# Work order
Only the lines from the line holding "STEP (ISO 10303-21)" through the final line of the entries below are to be returned, exactly as they stand.

[Items from a dataset]

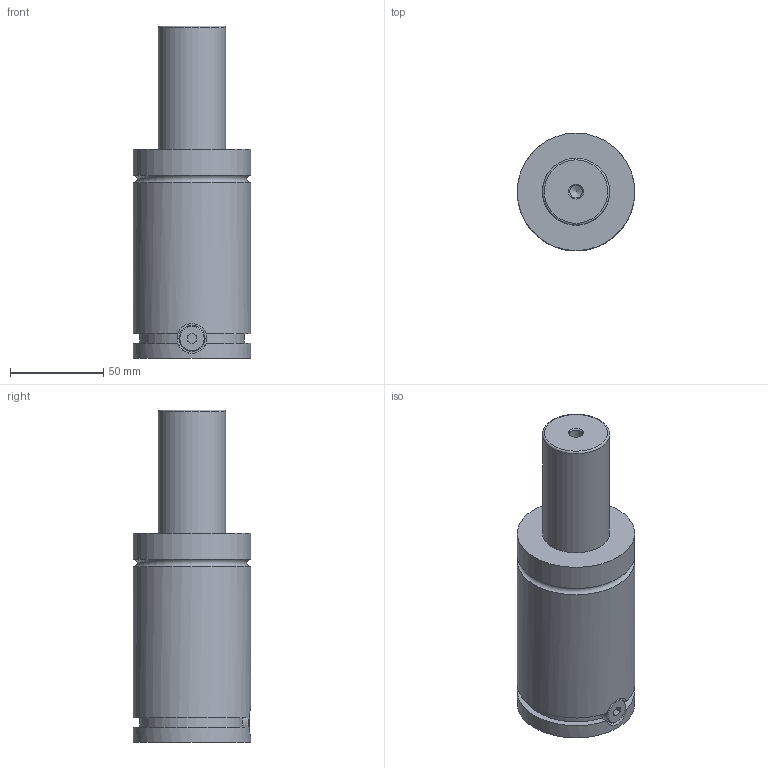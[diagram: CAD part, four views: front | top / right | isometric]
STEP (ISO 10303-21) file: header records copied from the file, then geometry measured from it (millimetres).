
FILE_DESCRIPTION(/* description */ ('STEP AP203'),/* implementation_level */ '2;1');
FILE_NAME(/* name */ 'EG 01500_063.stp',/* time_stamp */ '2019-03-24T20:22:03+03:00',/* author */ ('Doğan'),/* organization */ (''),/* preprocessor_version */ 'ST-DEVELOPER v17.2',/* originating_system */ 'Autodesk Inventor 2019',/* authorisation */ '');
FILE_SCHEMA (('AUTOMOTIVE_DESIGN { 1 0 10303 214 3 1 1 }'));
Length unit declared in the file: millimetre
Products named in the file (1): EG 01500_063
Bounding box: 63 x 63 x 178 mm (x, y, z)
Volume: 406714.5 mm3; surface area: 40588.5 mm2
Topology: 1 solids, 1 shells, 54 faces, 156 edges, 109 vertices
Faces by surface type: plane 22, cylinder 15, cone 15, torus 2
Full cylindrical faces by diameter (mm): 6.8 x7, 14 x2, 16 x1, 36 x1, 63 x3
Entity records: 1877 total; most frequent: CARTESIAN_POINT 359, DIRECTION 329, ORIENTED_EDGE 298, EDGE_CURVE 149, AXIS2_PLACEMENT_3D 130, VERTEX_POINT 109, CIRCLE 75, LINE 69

# Written answer
STEP (ISO 10303-21) file: header records copied from the file, then geometry measured from it (millimetres).
FILE_DESCRIPTION(/* description */ ('STEP AP203'),/* implementation_level */ '2;1');
FILE_NAME(/* name */ 'EG 01500_063.stp',/* time_stamp */ '2019-03-24T20:22:03+03:00',/* author */ ('Doğan'),/* organization */ (''),/* preprocessor_version */ 'ST-DEVELOPER v17.2',/* originating_system */ 'Autodesk Inventor 2019',/* authorisation */ '');
FILE_SCHEMA (('AUTOMOTIVE_DESIGN { 1 0 10303 214 3 1 1 }'));
Length unit declared in the file: millimetre
Products named in the file (1): EG 01500_063
Bounding box: 63 x 63 x 178 mm (x, y, z)
Volume: 406714.5 mm3; surface area: 40588.5 mm2
Topology: 1 solids, 1 shells, 54 faces, 156 edges, 109 vertices
Faces by surface type: plane 22, cylinder 15, cone 15, torus 2
Full cylindrical faces by diameter (mm): 6.8 x7, 14 x2, 16 x1, 36 x1, 63 x3
Entity records: 1877 total; most frequent: CARTESIAN_POINT 359, DIRECTION 329, ORIENTED_EDGE 298, EDGE_CURVE 149, AXIS2_PLACEMENT_3D 130, VERTEX_POINT 109, CIRCLE 75, LINE 69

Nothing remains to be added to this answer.